When the Logical Router is deleted, FRR daemons are also killed and BGP goes down as seen in /var/log/frr/frr.log:

 2023-08-07T13:19:12.936Z <Edge hostname> zebra 7786 - -  [EC 4043309117] Client 'system' encountered an error and is shutting down.
 2023-08-07T13:19:12.046Z <Edge hostname> ospfd 8135 - -  Terminating on signal
 2023-08-07T13:19:12.235Z <Edge hostname> bgpd 8095 - -  %ADJCHANGE: neighbor <IP>(Unknown) in vrf default Down Neighbor deleted
 2023-08-07T13:19:12.235Z <Edge hostname> bgpd 8095 - -  %ADJCHANGE: neighbor <IP>(Unknown) in vrf default Down Neighbor deleted
 2023-08-07T13:19:12.892Z <Edge hostname> bgpd 8095 - -  Terminating on signal

Environment

VMware NSX-T Data Center 3.x
VMware NSX 4x

Cause

This issue occurs because of the order of fullsync for different namespaces. As a result, when the monitoring table's fullsync is submitted, all the configurations in the nsx namespace will be treated as "not existing" and eventually get removed.

Resolution

This issue is resolved in VMware NSX 3.2.2, available at Broadcom downloads.
This issue is resolved in VMware NSX 4.1.1, available at Broadcom downloads.

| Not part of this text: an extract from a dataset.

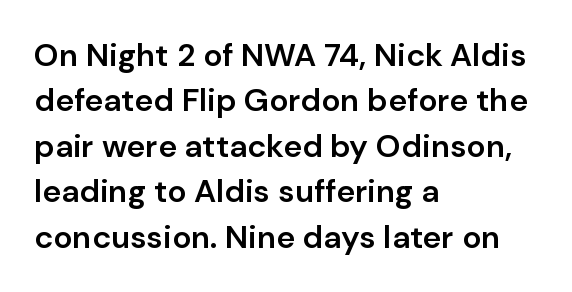
The image shows 32 px semibold sans-serif type, upright; set left-aligned, normal line spacing (1.42x), normal letter spacing, not underlined; low stroke contrast and a medium x-height.
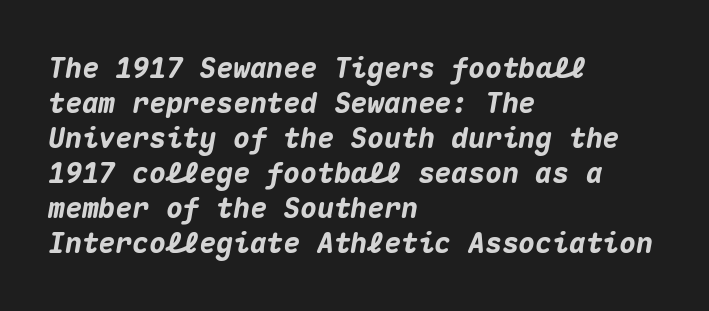
The image shows 28 px heavy type, italic (leaning right), monospaced; set left-aligned, normal line spacing (1.25x), normal letter spacing, not underlined; medium stroke contrast and a medium x-height.

If you are having difficulty finding and download software, please review the Download Broadcom products and software KB.

Note:

The issue with deleting configurations from the nsx namespace with the impact described above is resolved in NSX 3.2.2.

However, the monitoring namespace will still be empty if the issue is hit on 3.2.2+, which will affect Alarms data. The CCP is responsible for syncing Alarm data stored in the monitoring namespace from the management plane to Transport Nodes, and this will prevent any administrative changes to Alarms from taking effect.

The resolution for all namespaces is in NSX 4.1.1.

Workaround:

Restart the central control plane on all Manager nodes one at a time.

As admin: restart service controller
As root: service nsx-ccp restart

Additional Information

Impact/Risks:
If BGP goes down, this can cause a N/S outage.